→ Task prompt: Pull out every line below containing the word "letters".

→ Listed entries:
========

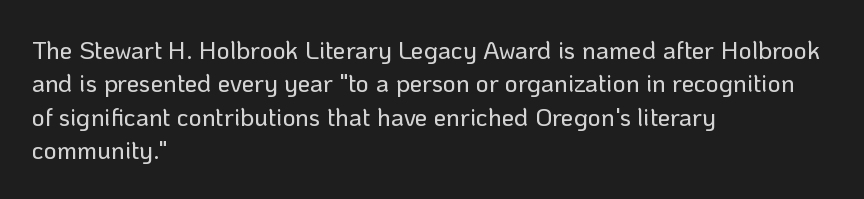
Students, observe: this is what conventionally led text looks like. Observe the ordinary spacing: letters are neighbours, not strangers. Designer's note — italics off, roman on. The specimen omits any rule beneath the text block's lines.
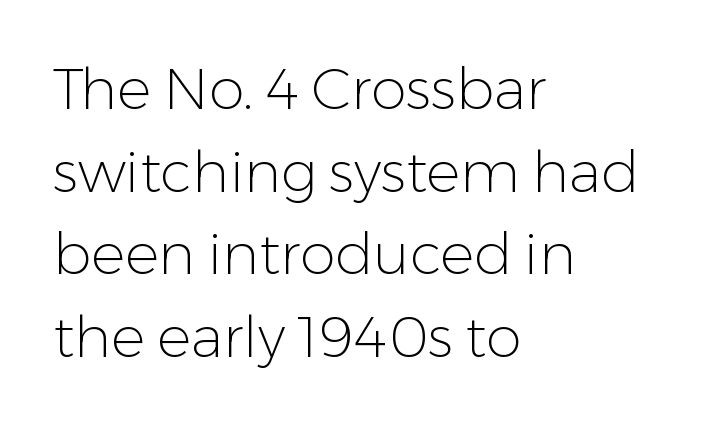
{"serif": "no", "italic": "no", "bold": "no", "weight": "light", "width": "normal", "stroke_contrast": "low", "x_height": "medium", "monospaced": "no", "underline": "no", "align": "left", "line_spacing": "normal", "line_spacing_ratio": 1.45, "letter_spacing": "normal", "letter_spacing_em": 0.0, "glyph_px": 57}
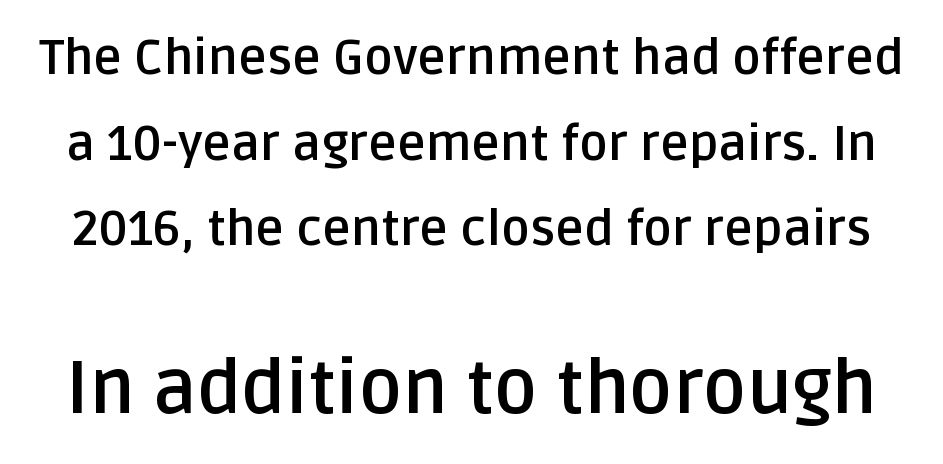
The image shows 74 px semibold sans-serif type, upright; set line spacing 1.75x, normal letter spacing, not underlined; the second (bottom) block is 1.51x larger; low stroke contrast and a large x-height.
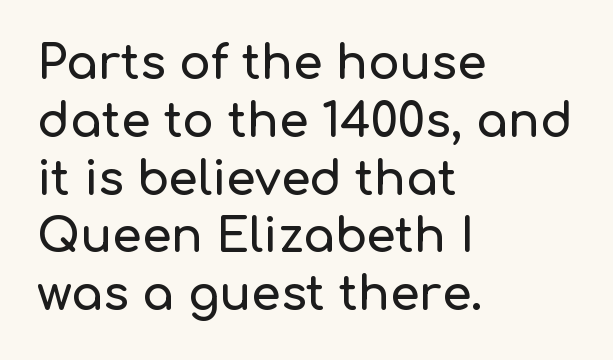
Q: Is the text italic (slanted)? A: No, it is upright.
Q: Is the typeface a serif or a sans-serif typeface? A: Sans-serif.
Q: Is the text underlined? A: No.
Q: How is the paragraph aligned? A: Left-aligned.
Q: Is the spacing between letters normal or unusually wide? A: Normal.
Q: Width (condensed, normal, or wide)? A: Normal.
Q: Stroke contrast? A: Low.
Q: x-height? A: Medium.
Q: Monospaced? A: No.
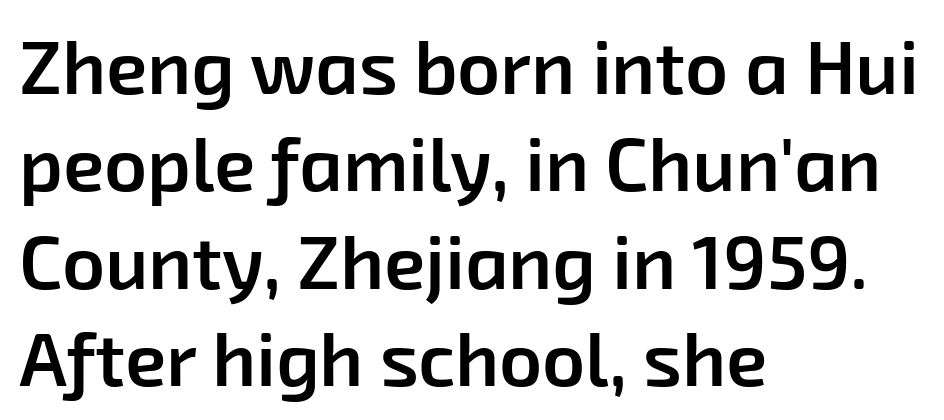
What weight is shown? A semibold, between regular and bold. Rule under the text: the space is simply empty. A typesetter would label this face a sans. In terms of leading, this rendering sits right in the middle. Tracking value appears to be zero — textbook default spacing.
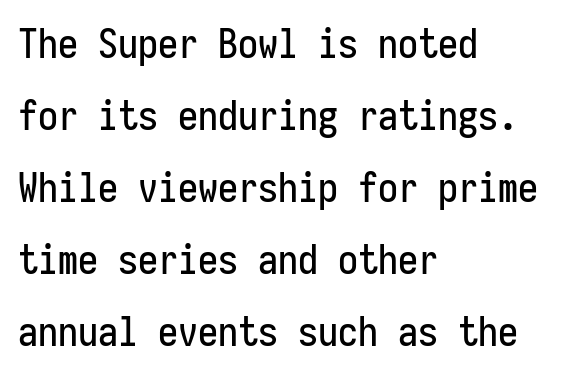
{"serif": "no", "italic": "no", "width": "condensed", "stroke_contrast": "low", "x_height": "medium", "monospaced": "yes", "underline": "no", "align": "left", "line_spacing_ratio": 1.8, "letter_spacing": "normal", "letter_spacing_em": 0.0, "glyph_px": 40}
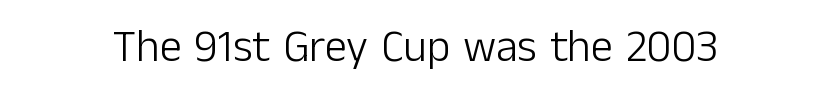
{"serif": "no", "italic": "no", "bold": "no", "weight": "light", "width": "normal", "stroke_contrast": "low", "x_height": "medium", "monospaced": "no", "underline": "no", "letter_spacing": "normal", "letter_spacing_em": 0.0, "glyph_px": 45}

========

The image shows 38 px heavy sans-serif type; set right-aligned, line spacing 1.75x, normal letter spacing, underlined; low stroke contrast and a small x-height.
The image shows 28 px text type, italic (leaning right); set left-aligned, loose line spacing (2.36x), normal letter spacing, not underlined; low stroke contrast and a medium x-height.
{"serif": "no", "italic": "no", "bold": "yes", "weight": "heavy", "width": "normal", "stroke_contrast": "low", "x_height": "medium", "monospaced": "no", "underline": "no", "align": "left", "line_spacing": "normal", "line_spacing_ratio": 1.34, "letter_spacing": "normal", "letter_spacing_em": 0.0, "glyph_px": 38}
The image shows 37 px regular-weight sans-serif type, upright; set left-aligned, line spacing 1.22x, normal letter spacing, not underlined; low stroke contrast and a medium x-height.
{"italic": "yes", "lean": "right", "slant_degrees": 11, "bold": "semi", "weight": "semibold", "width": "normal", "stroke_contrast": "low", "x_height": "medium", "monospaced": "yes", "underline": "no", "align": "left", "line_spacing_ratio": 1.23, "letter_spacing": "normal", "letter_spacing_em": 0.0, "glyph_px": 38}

========

→ Answer to this exercise:
Students, observe: this is what conventionally led text looks like. Observe the ordinary spacing: letters are neighbours, not strangers. Designer's note — italics off, roman on. The specimen omits any rule beneath the text block's lines.
Q: Is the spacing between letters normal or unusually wide? A: Normal.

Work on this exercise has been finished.